Kompakt, kontinuierlich, kostengünstig: Fraunhofer ICT- IMM integriert die NMR-Spektroskopie in die kontinuierliche Produktion von fluorhaltigen Feinchemikalien

Pressemitteilung /

NMR-Durchflusszelle
© Fraunhofer ICT-IMM
NMR-Durchflusszelle

Die Medizin ist heute weiter entwickelt denn je und die Pharmakonzerne arbeiten stetig an neuen Innovationen. Die Zusammensetzung der Medikamente, ihre Reinheit und natürlich ihre gleichbleibende Qualität sind dabei von allerhöchster Bedeutung. Hier hilft die NMR-Spektroskopie, eine der wichtigsten analytischen Methoden der organischen Chemie und eine Standardmethode zur Strukturaufklärung von chemischen Verbindungen.
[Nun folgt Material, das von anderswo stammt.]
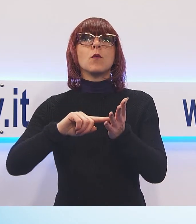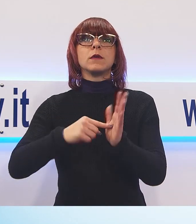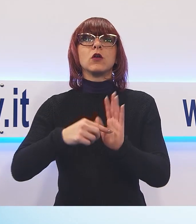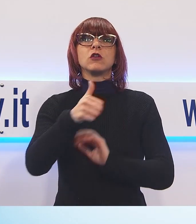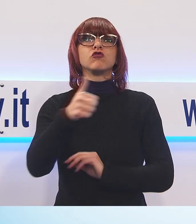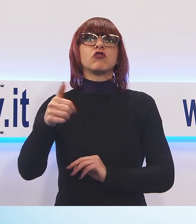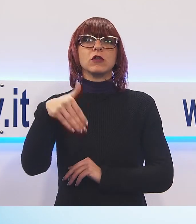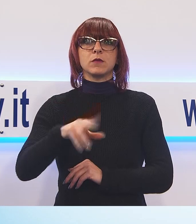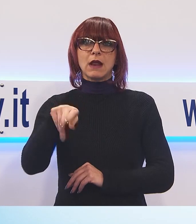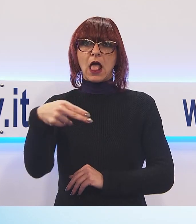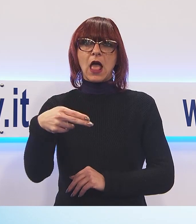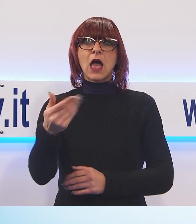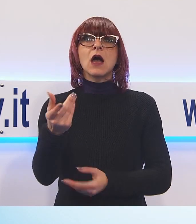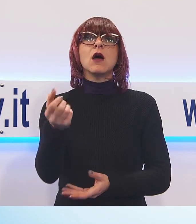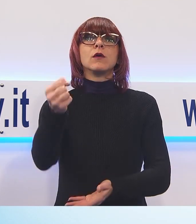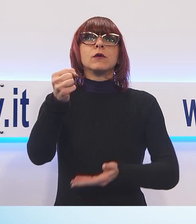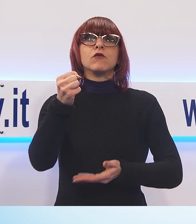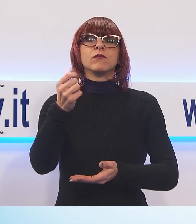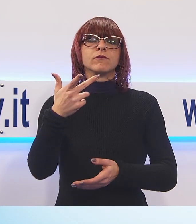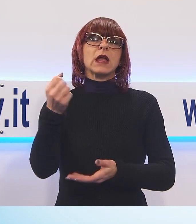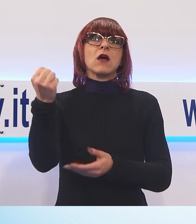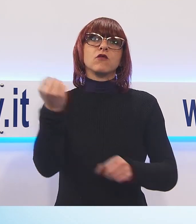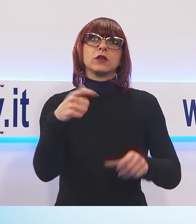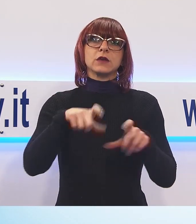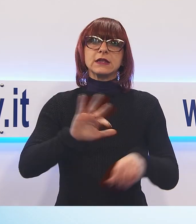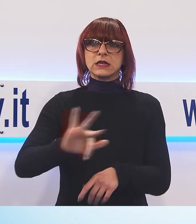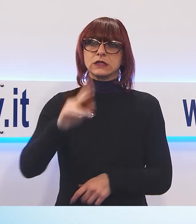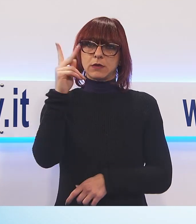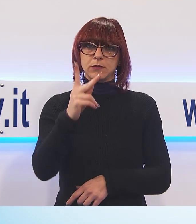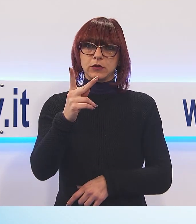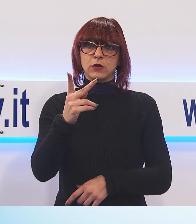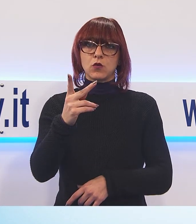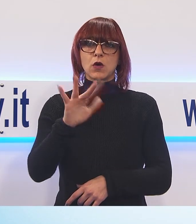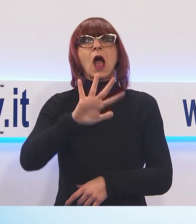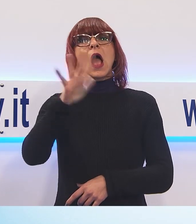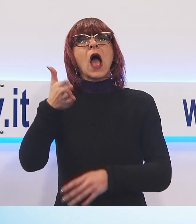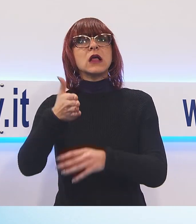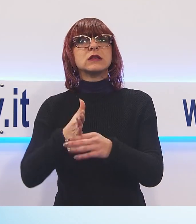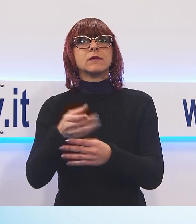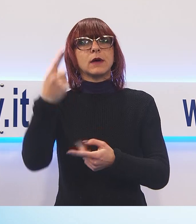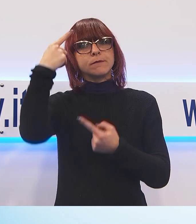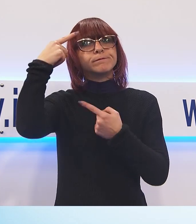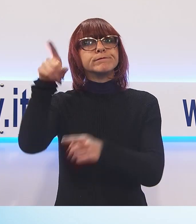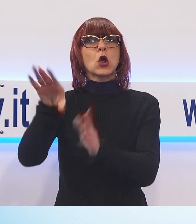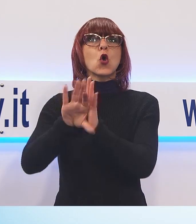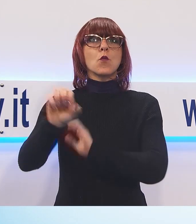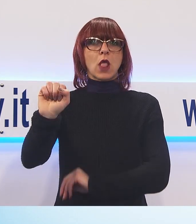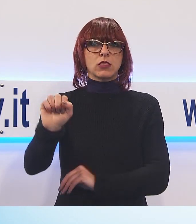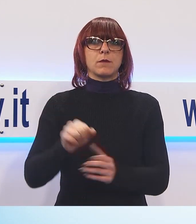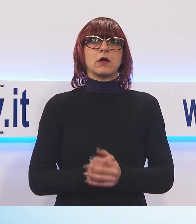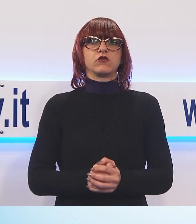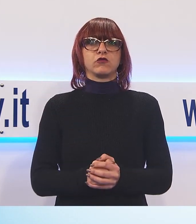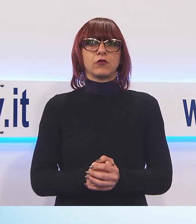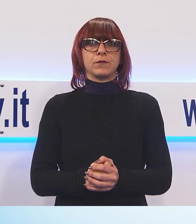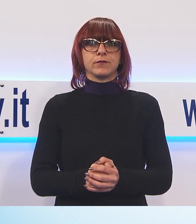fondazione Cassa di risparmio di Lucca. La parte restante sarà a carico del comune di Alto Pascio. La consegna dell'immobile è

Trotz moderner Technik gilt die NMR-Spektroskopie als eine aufwändige Methode, sie ist betreuungsintensiv und damit kostenintensiv. Außerdem sind die typischerweise verwendeten Hochfrequenz-Geräte groß, teuer und unflexibel. Sie bieten zwar in der Messung eine hohe Auflösung, die insbesondere bei der Protonenspektroskopie von immenser Bedeutung ist, die Handhabung der Proben ist jedoch mit Aufwand verbunden.
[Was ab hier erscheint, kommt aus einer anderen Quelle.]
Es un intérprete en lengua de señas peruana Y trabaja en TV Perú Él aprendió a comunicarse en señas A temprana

Eine gar kontinuierliche Überwachung einer Synthese während des industriellen Produktionsprozesses, zum Beispiel eines Medikaments, ist momentan schwer realisierbar. So könnte allerdings die Qualität eines Wirkstoffs kontinuierlich überprüft werden und bei Abweichungen schon im Herstellungsprozess eingegriffen werden.
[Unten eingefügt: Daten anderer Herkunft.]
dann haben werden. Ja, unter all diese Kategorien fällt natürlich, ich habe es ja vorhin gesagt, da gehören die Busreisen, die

Einen ersten Schritt in Richtung eines solchen Verfahrens sind das Fraunhofer ICT-IMM und seine Partner schon gegangen. Gemeinsam entwickelten sie im internationalen Projekt ContiNMR ein System für die kontinuierliche Synthese von fluorhaltigen Feinchemikalien mit integrierter on-line NMR-Analytik, das grundsätzlich ebenso für phosphorhaltige Verbindungen zum Einsatz kommen kann. Fluor- und phosphorhaltige Feinchemikalien sind essentielle Bausteine für pharmazeutische und agrochemische Erzeugnisse und stellen einen wichtigen Markt in der produzierenden chemischen Industrie dar. Bisher ist es den Wissenschaftlerinnen und Wissenschaftlern gelungen, eine vollständige Laboranlage mit Mikroreaktoren zu konstruieren, deren Design die Durchführung von vier unterschiedlichen Routen zur Synthese von fluorhaltigen Chemikalien erlaubt. Ein integriertes Kartuschensystem ermöglicht das Austauschen und Erneuern der Reagenzien. Als analytische Plattform wird das kompakte Benchtop- NMR-Spektrometer NMReadyTM 60 des kanadischen Unternehmens Nanalysis Corp. eingesetzt. Die nötigen Durchflusszellen wurden mit einem Kontrollsystem basierend auf magnetischen Ventilen ausgestattet. Diese erlauben die kontinuierliche Befüllung
der Durchflusszelle mit Reaktionslösung (Conti-Messung) oder das Vorbeileiten der Lösung am Spektrometer, um eine längere und damit genauere Messung zu erzielen (stopped-flow-Messung). Die Wissenschaftler können Informationen wie Umsetzungsgrad und damit einhergehend die Qualität der Lösung sowie Struktur mittels Kopplungsmustern aus der Messung ableiten.

Was mit ausführlichen Tests am ICT-IMM begonnen wurde, wird jetzt beim Partner Hansa Fine Chemicals GmbH weitergeführt. Die Anlage wird in einer weiteren Phase mit vorpräparierten Lösungen betrieben, um die Qualität der Spektren von einfachen und komplexen Substanzen zu untersuchen. Folgeversuche sollen dann die alltägliche Nutzung der Anlage zur Synthese fluorhaltiger Substanzen mit integrierter Analytik abbilden.

Insbesondere der stopped-flow Ansatz kann es mittelfristig durch den Zusatz entsprechender Agenzien ermöglichen, auch Fragestellungen der Enantiomerenreinheit direkt im Produktionsprozess NMR-spektroskopisch zu klären. Allseits bekannt wurde dieses Problem in den frühen 60er Jahren im Contergan-Skandal.